The ``DataCollection`` is created in :ref:`Step 2 ` when ``firstIteration`` is set to ``true``,
and then the ``DataCollection`` should be set from the partial result as the input for next local steps
(:ref:`Step 2 ` and :ref:`Step 4 `).
In this step, centroid initialization for KMeans clustering calculates the results described below.
Pass the ``Result ID`` as a parameter to the methods that access the results of your algorithm.
For more details, see :ref:`algorithms`.
.. tabularcolumns:: \Y{0.2}\Y{0.8}
.. listtable:: Output for KMeans Initialization (Distributed Processing, Step 4)
:headerrows: 1
:widths: 10 60
:align: left
*  Result ID
 Result
*  ``outputOfStep4``
 Pointer to the :math:`m \times p` numeric table that contains centroids computed on this local node,
where :math:`m` equals to the one in ``inputOfStep4FromStep3``.
.. note::
By default, this result is an object of the ``HomogenNumericTable`` class,
but you can define the result as an object of any class derived from ``NumericTable``
except ``CSRNumericTable``, ``PackedTriangularMatrix``, and ``PackedSymmetricMatrix``.
.. _kmeans_init_step_5:
Step 5  on Master Node (``parallelPlus`` methods)
++++++++++++++++++++++++++++++++++++++++++++++++++
.. figure:: images/kmeansdistributedinitstep5parallelPlusmethods.png
:width: 1000
:alt:
KMeans Centroid Initialization with ``parrallelPlus`` methods: Distributed Processing, Step 5  on Master Node
This step is applicable for parallelPlus methods only.
Centroid initialization for KMeans clustering accepts the input from each local node described below.
Pass the ``Input ID`` as a parameter to the methods that provide input for your algorithm.
For more details, see :ref:`algorithms`.
.. tabularcolumns:: \Y{0.2}\Y{0.8}
.. listtable:: Input for KMeans Initialization (Distributed Processing, Step 5)
:headerrows: 1
:widths: 10 60
:align: left
:class: longtable
*  Input ID
 Input
*  inputCentroids
 A data collection with the centroids calculated in :ref:`Step 1 ` or :ref:`Step 4 `.
Each item in the collection is the pointer to :math:`m \times p` numeric table,
where the value of :math:`m` is defined by the method and the iteration of the algorithm:
``parallelPlus`` method:
 :math:`m = 1` for the data added as the output of :ref:`Step 1 `
 :math:`m \leq L`, :math:`L = \mathrm{nClusters} * \mathrm{oversamplingFactor}`
for the data added as the output of :ref:`Step 4 `
Each numeric table can be an object of any class derived from ``NumericTable``,
except ``CSRNumericTable``, ``PackedTriangularMatrix``, and ``PackedSymmetricMatrix``.
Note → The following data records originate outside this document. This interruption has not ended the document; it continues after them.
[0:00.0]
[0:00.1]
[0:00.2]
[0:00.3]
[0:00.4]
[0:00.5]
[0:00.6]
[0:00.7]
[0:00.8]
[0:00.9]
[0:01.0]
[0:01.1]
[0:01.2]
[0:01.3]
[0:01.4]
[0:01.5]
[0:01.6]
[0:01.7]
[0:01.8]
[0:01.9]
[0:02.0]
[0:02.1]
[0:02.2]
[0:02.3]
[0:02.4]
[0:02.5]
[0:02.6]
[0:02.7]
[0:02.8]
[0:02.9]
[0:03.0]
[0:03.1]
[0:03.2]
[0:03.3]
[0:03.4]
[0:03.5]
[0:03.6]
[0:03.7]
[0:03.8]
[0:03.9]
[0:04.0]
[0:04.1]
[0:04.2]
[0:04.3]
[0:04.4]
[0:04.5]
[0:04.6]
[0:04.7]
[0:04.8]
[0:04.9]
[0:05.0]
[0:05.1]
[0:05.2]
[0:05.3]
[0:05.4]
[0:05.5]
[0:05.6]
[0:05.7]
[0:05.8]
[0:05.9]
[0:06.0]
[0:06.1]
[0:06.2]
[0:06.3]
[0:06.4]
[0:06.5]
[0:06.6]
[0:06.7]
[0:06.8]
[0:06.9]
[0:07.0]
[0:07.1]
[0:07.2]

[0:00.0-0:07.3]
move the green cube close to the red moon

*  ``inputOfStep5FromStep2``
 A data collection with the items calculated in :ref:`Step 2 ` on local nodes.
For a detailed definition, see ``outputOfStep2ForStep5`` above.
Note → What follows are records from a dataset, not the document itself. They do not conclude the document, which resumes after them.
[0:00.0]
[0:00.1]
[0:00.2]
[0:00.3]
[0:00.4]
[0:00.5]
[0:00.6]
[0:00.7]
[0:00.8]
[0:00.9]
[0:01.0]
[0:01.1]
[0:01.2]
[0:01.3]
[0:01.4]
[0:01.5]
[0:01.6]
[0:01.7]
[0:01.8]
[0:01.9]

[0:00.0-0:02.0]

*  ``inputOfStep5FromStep3``
 Pointer to the service data generated as the output of :ref:`Step 3 ` on master node.
For a detailed definition, see ``outputOfStep3ForStep5`` above.
In this step, centroid initialization for KMeans clustering calculates the results described below.
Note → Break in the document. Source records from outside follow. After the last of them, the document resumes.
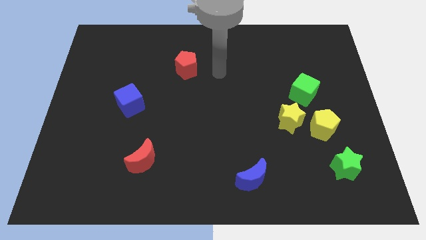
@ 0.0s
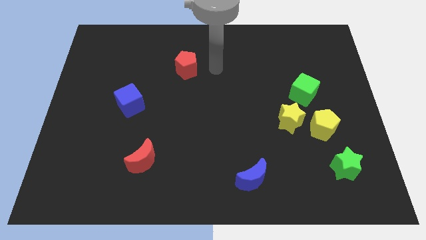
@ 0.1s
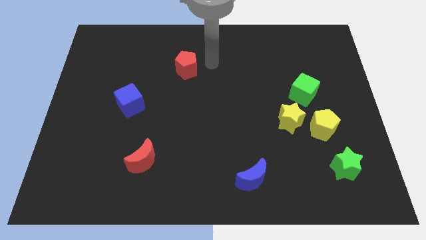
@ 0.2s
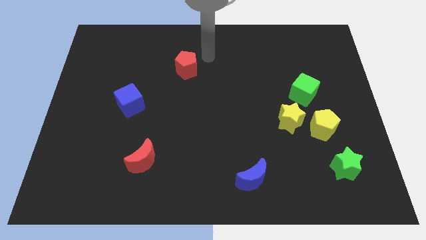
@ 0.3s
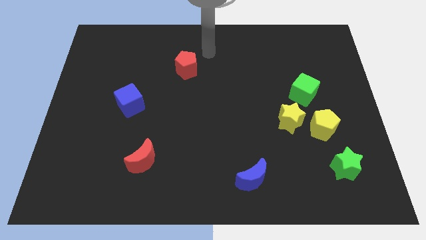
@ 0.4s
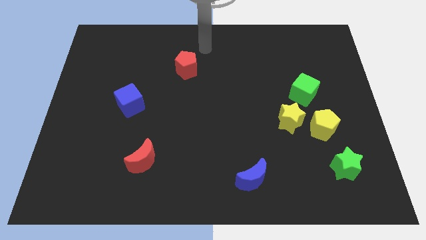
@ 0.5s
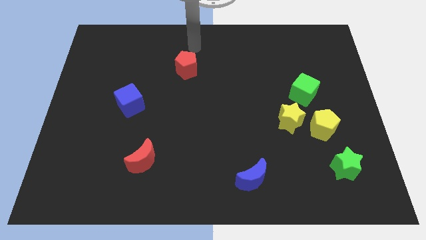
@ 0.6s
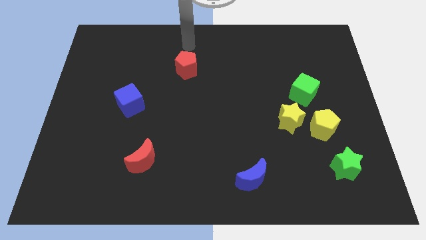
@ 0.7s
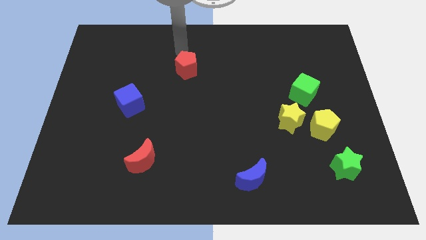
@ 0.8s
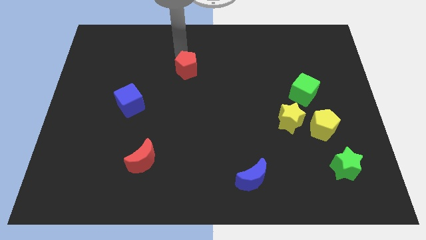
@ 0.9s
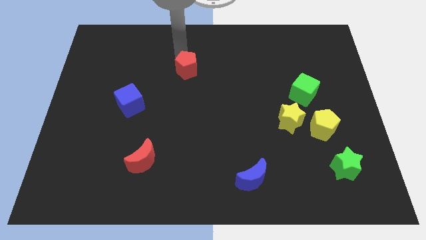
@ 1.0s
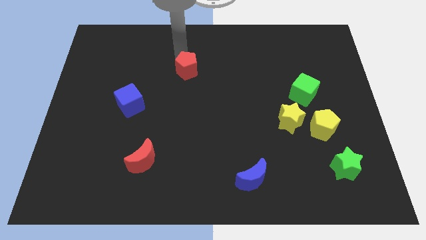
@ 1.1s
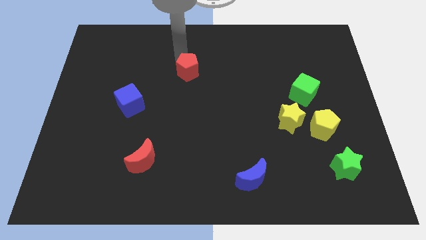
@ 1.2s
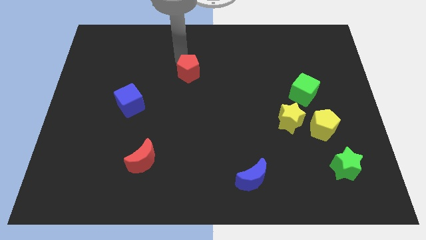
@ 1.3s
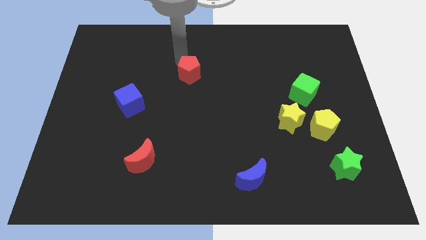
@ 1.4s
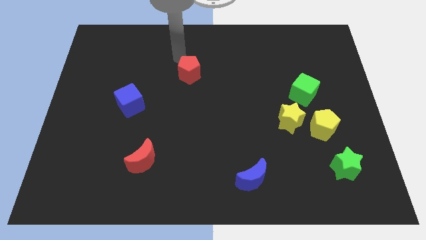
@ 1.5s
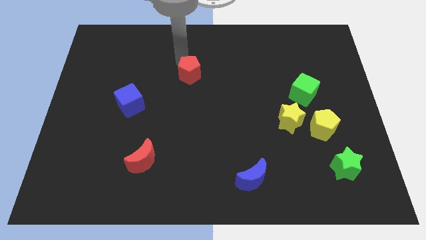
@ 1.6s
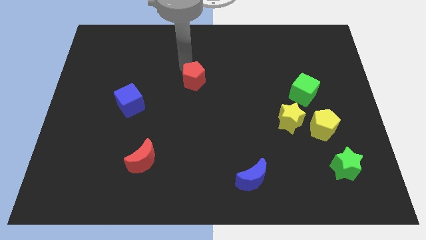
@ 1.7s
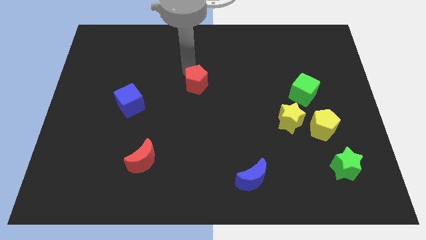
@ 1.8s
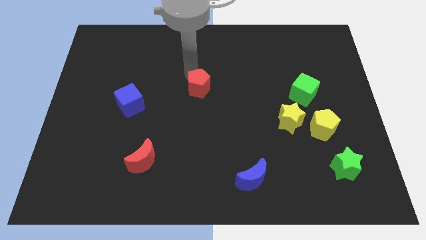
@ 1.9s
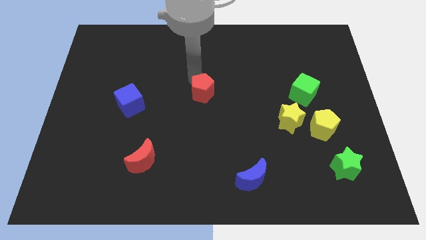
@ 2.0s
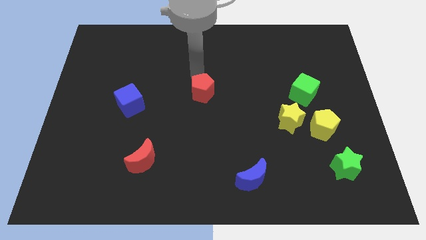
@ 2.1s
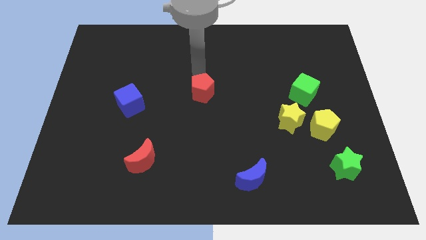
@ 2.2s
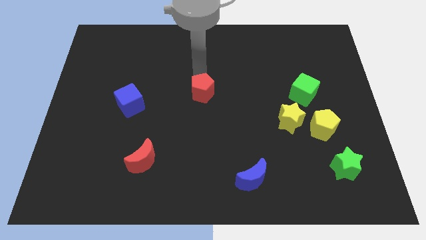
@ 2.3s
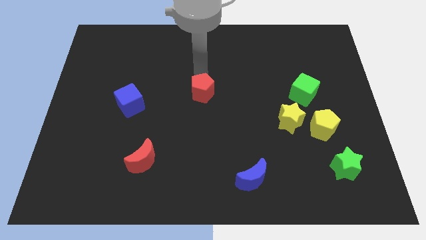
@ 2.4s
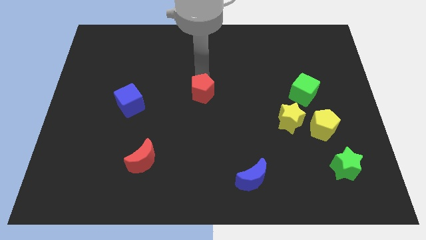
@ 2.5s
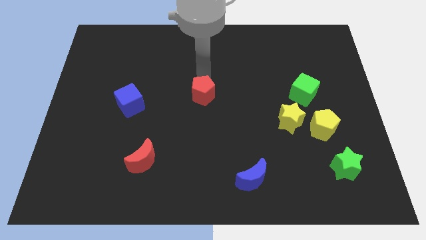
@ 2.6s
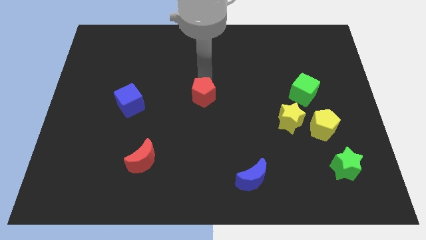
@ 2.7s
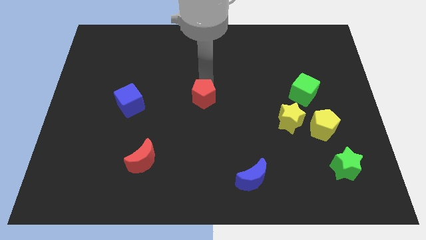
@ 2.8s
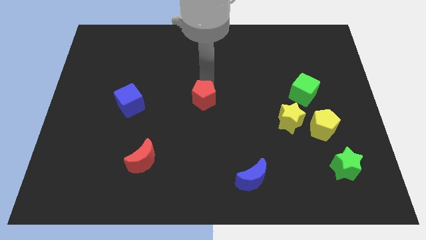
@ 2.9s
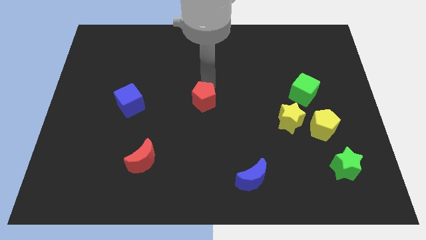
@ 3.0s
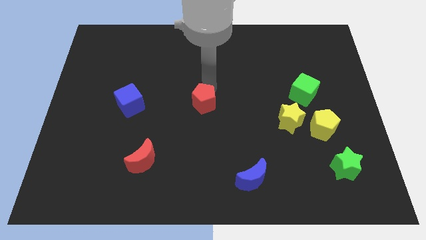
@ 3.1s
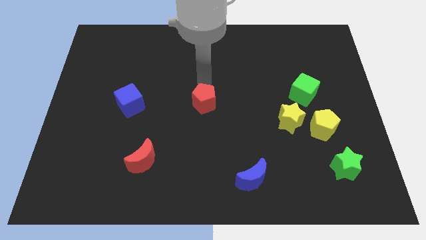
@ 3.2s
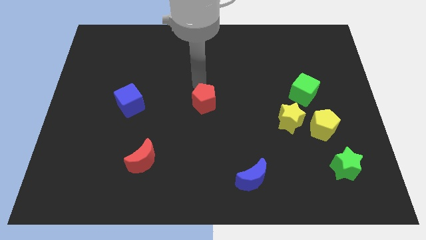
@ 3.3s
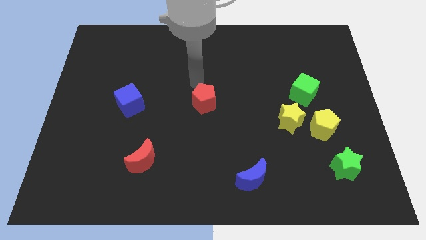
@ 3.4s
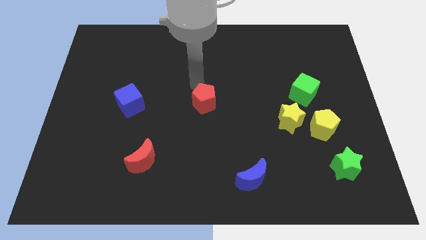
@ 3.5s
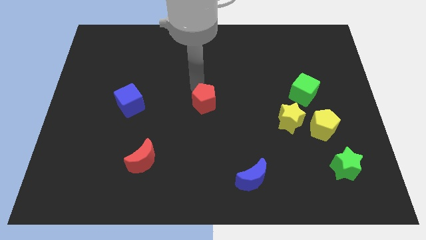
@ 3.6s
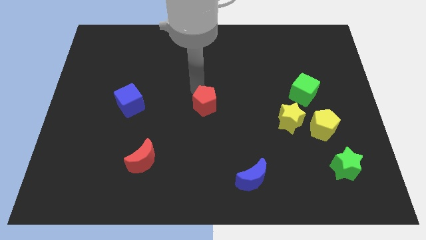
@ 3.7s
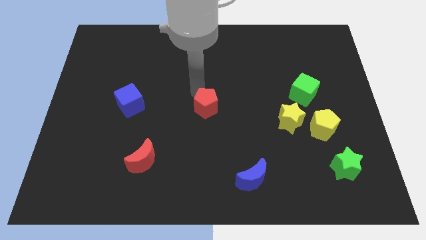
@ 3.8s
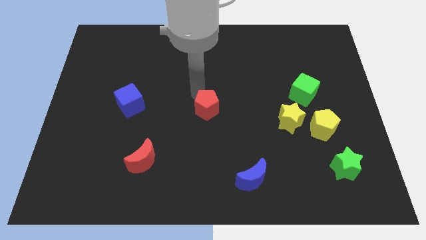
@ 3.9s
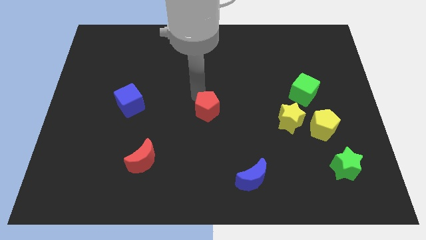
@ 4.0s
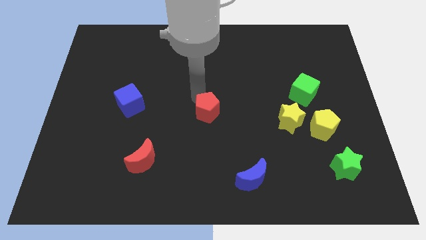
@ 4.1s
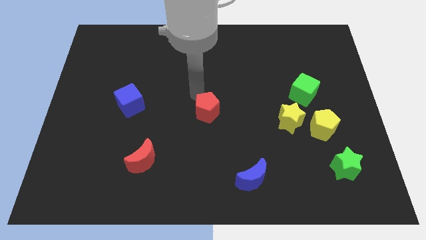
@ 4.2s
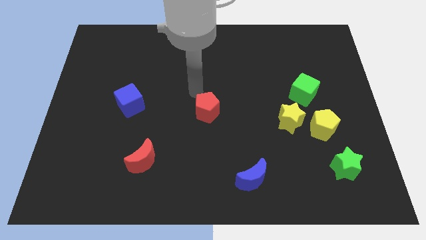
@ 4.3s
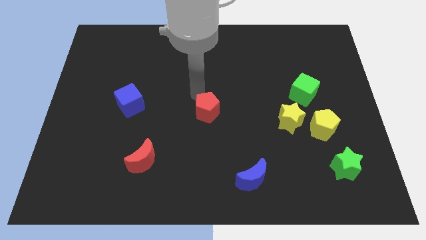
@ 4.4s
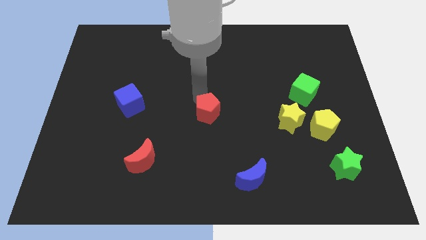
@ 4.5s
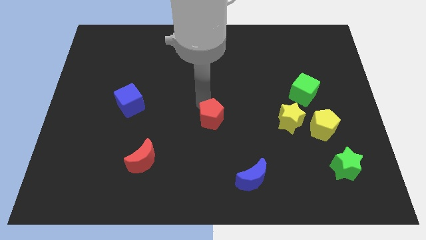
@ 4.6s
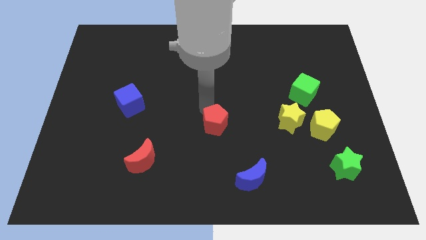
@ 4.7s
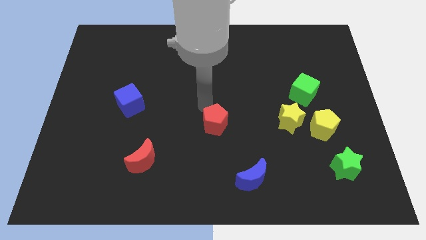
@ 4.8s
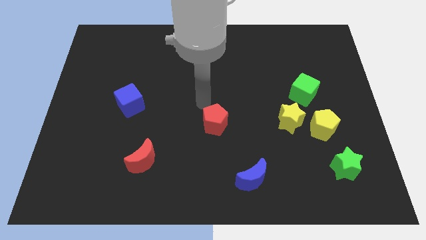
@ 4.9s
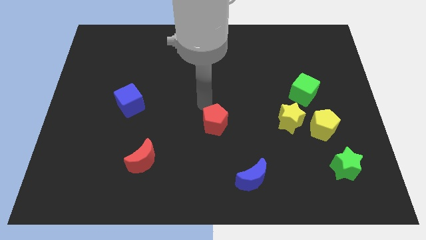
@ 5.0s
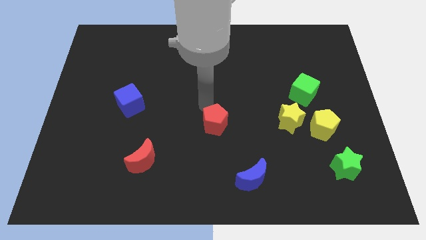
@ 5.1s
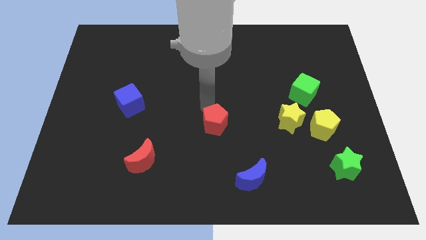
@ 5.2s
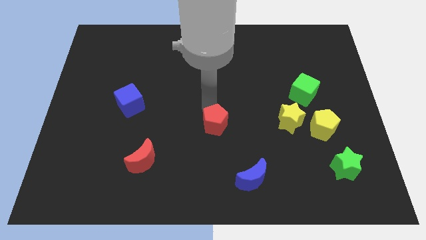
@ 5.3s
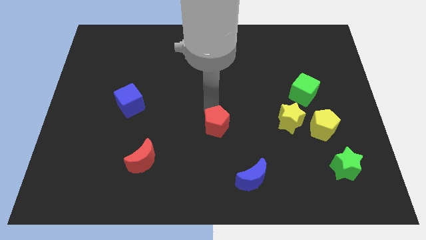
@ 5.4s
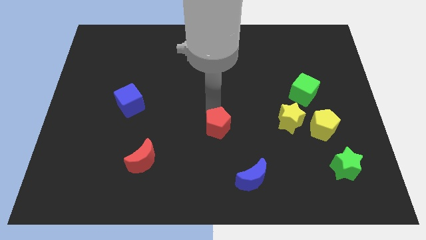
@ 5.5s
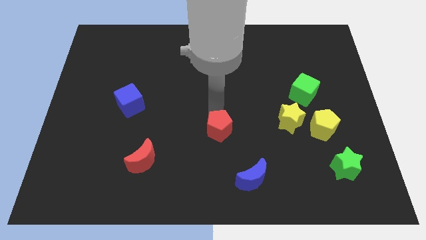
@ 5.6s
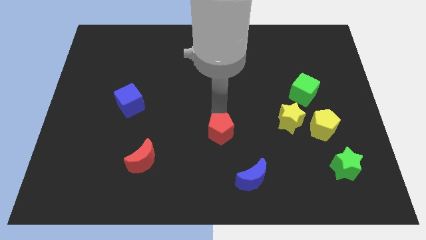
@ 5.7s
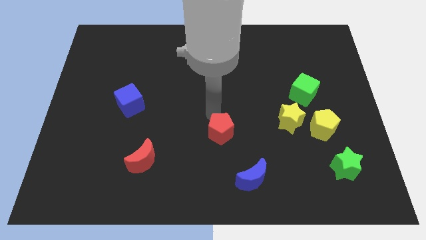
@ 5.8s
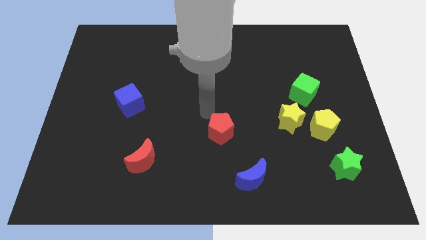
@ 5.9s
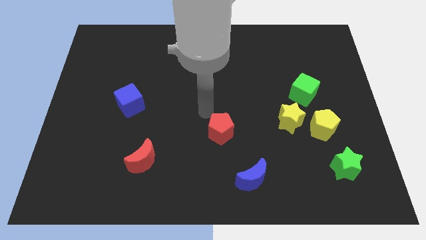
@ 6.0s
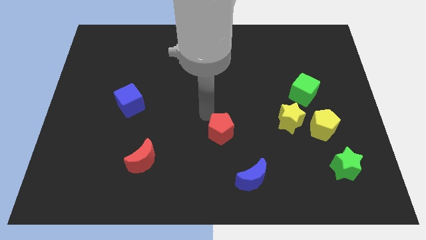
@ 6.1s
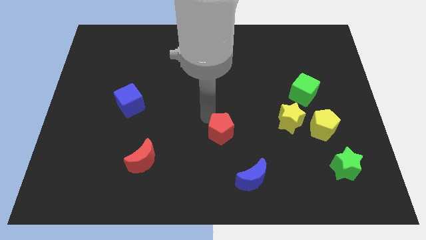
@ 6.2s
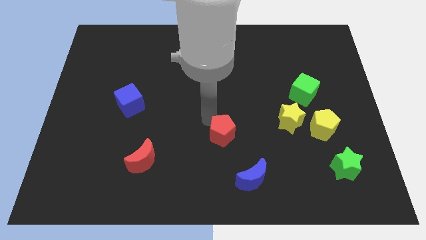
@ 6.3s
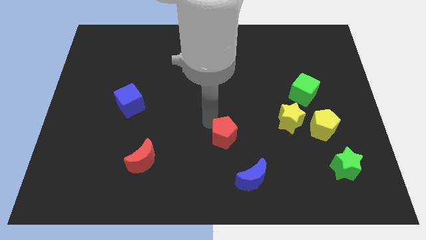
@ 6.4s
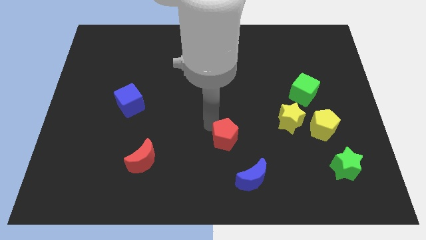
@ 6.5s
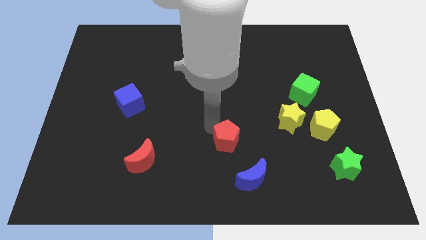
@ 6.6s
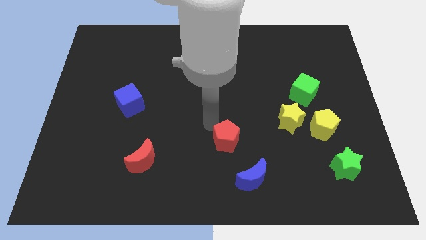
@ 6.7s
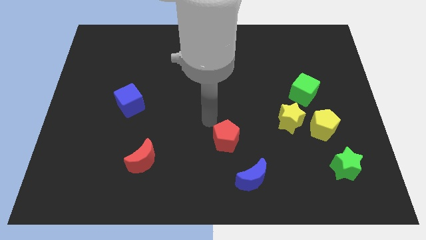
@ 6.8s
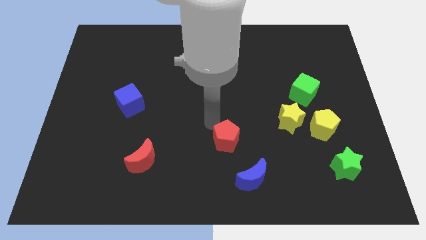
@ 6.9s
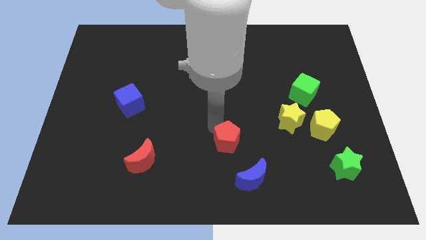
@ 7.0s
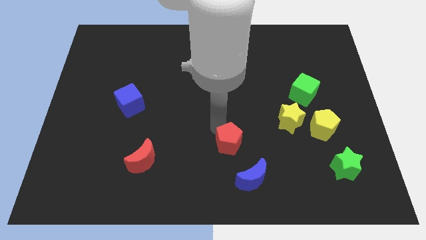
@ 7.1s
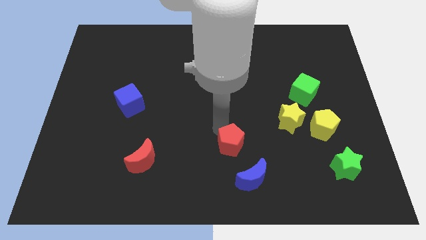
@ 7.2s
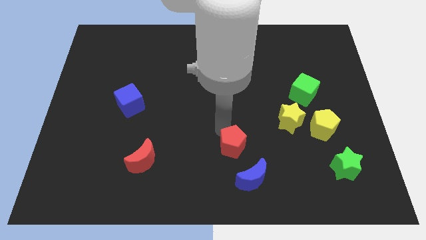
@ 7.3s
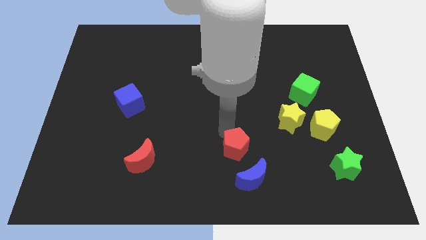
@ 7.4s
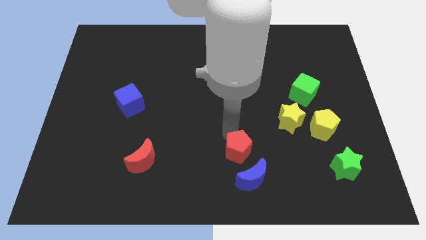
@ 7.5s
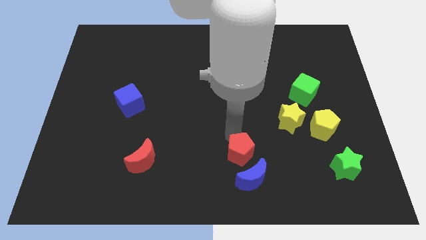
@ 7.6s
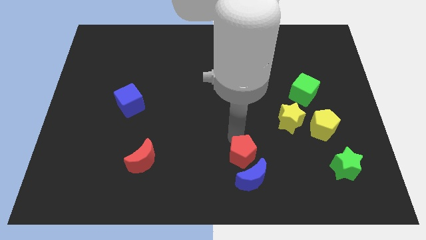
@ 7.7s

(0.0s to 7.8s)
move the red pentagon next to the blue moon

Pass the ``Result ID`` as a parameter to the methods that access the results of your algorithm.
For more details, see :ref:`algorithms`.
.. tabularcolumns:: \Y{0.2}\Y{0.8}
.. listtable:: Output for KMeans Initialization (Distributed Processing, Step 5)
:headerrows: 1
:widths: 10 60
:align: left
*  Result ID
 Result
*  ``centroids``
 Pointer to the :math:`\mathrm{nClusters} \times p` numeric table with centroids.
.. note::
By default, this result is an object of the ``HomogenNumericTable`` class,
but you can define the result as an object of any class derived from ``NumericTable``
except ``PackedTriangularMatrix``, ``PackedSymmetricMatrix``, and ``CSRNumericTable``.